Let’s take our raw data that we initially read in:
head(wb_indicators)
## # A tibble: 6 x 24
## `Country Name` `Country Code` `Series Name` `Series Code` `2001 [YR2001]`
## <chr> <chr> <chr> <chr> <dbl>
## 1 Afghanistan AFG Access to clean f… EG.CFT.ACCS.… 9.51
## 2 Afghanistan AFG Access to electri… EG.ELC.ACCS.… NA
## 3 Afghanistan AFG CO2 emissions (kt) EN.ATM.CO2E.… 810
## 4 Afghanistan AFG Fossil fuel energ… EG.USE.COMM.… NA
## 5 Afghanistan AFG Level of water st… ER.H2O.FWST.… NA
## 6 Albania ALB Access to clean f… EG.CFT.ACCS.… 42.7
## # … with 19 more variables: 2002 [YR2002] <dbl>, 2003 [YR2003] <dbl>,
## # 2004 [YR2004] <dbl>, 2005 [YR2005] <dbl>, 2006 [YR2006] <dbl>,
## # 2007 [YR2007] <dbl>, 2008 [YR2008] <dbl>, 2009 [YR2009] <dbl>,
## # 2010 [YR2010] <dbl>, 2011 [YR2011] <dbl>, 2012 [YR2012] <dbl>,
## # 2013 [YR2013] <dbl>, 2014 [YR2014] <dbl>, 2015 [YR2015] <dbl>,
## # 2016 [YR2016] <dbl>, 2017 [YR2017] <dbl>, 2018 [YR2018] <dbl>,
## # 2019 [YR2019] <dbl>, 2020 [YR2020] <lgl>
Let’s tidy this up in a single sequence, with the pipe operator between.
REMEMBER: Look at what you’ve done after every step in a sequence.
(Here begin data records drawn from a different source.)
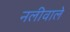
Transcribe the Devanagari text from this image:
नलीवाले
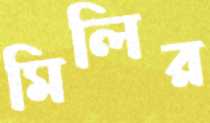
মিলির
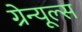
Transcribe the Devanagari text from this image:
ग्रेन्यूल्स
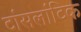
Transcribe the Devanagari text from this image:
टांसलांटिक
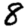
Digit: 8
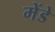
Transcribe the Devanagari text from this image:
मेंडे
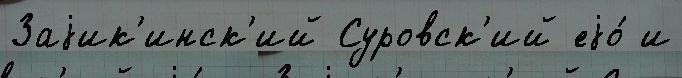
Заjик'инск'ий Суровск'ий еjо́ и
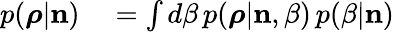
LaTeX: \begin{array}{rl}{p(\boldsymbol{\rho}|{\mathbf n})}&{{}=\int d\beta\, p(\boldsymbol{\rho}|{\mathbf n},\beta)\, p(\beta|{\mathbf n})}\end{array}
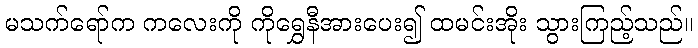
မသက်ရော်က ကလေးကို ကိုရွှေနီအားပေး၍ ထမင်းအိုး သွားကြည့်သည်။
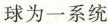
球为一系统
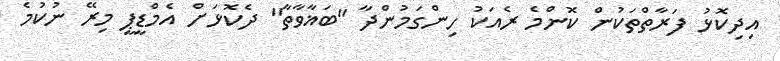
އިދިކޮޅު ފަރާތްތަކުން ކޮންމެ ރެއަކު ހިންގަމުންދާ "ބަޣާވާތާ" ދެކޮޅަށް އެމްޑީޕީ މިރޭ ނުކުމެ
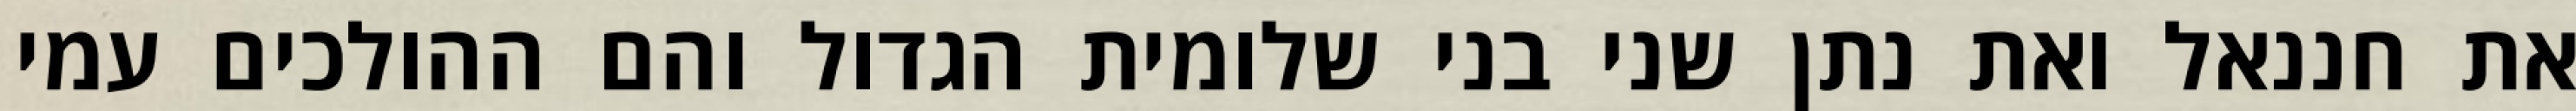
את חננאל ואת נתן שני בני שלומית הגדול והם ההולכים עמי
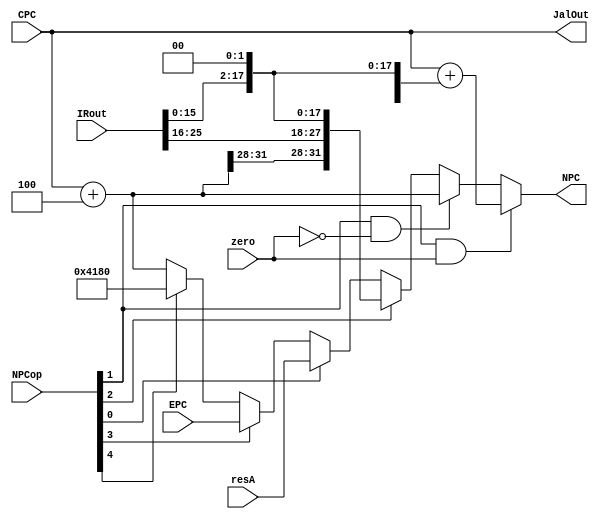
module NPC(NPCop, zero, CPC, EPC, NPC, IRout, resA, JalOut);
	input [4:0] NPCop; //NPCsel
	input zero;
	input [31:0] IRout;
	input [31:0] resA;
	input [31:0] CPC;
	input [31:0] EPC;
	output [31:0] NPC;
	output [31:0] JalOut;
	
	wire[31:0] temp,extImm,JrNPC;
	assign temp = CPC+32'd4;
	
	//j&jal target
	wire [25:0] target;
	assign target= IRout[25:0];
	
	//beq target
	wire [15:0] Imm16;
	assign Imm16 = IRout[15:0];
	assign extImm={{14{Imm16[15]}},Imm16[15:0], {2{1'b0}}};
	assign JrNPC = (NPCop[0])? resA : 32'b0;
	assign JalOut=CPC;
	
	assign intr = NPCop[4];
	assign eret = NPCop[3];
	assign j=NPCop[2];
	assign Branch=NPCop[1];
	assign jr=NPCop[0]; 
	    
	//Judge NPC
  assign NPC= (Branch & zero) ? CPC+extImm:
              (Branch & !zero) ? temp:
              (j) ? {temp[31:28], target , {2{1'b0}}}:
              (jr) ? JrNPC : 
              (eret) ? EPC : 
              (intr)? 32'h00004180 : temp;
endmodule

wb_tidy <- wb_indicators %>%
tidyr::pivot_longer(cols = `2001 [YR2001]`:`2020 [YR2020]`,
names_to = "year",
values_to = "indicator_value") %>%
tidyr::separate(col = year, into = c("year", "year_chr"), sep = " ") %>%
dplyr::select(-'Country Code', -'Series Code', -year_chr) %>%
tidyr::drop_na('Series Name') %>%
tidyr::pivot_wider(names_from = 'Series Name', values_from = 'indicator_value') %>%
dplyr::rename(country = 'Country Name',
year = 'year',
clean_fuels = 'Access to clean fuels and technologies for cooking (% of population)',
access_elec = 'Access to electricity (% of population)',
co2 = 'CO2 emissions (kt)',
fossil_fuels = 'Fossil fuel energy consumption (% of total)',
water_stress = 'Level of water stress: freshwater withdrawal as a proportion of available freshwater resources') %>%
dplyr::mutate(year = as.numeric(year))
# Recall you can get the names of columns easily using names(df)
Some questions: How long should a piped sequence be before I store the output and start a new piped sequence? Can a piped sequence be too long? Can I always pipe into everything?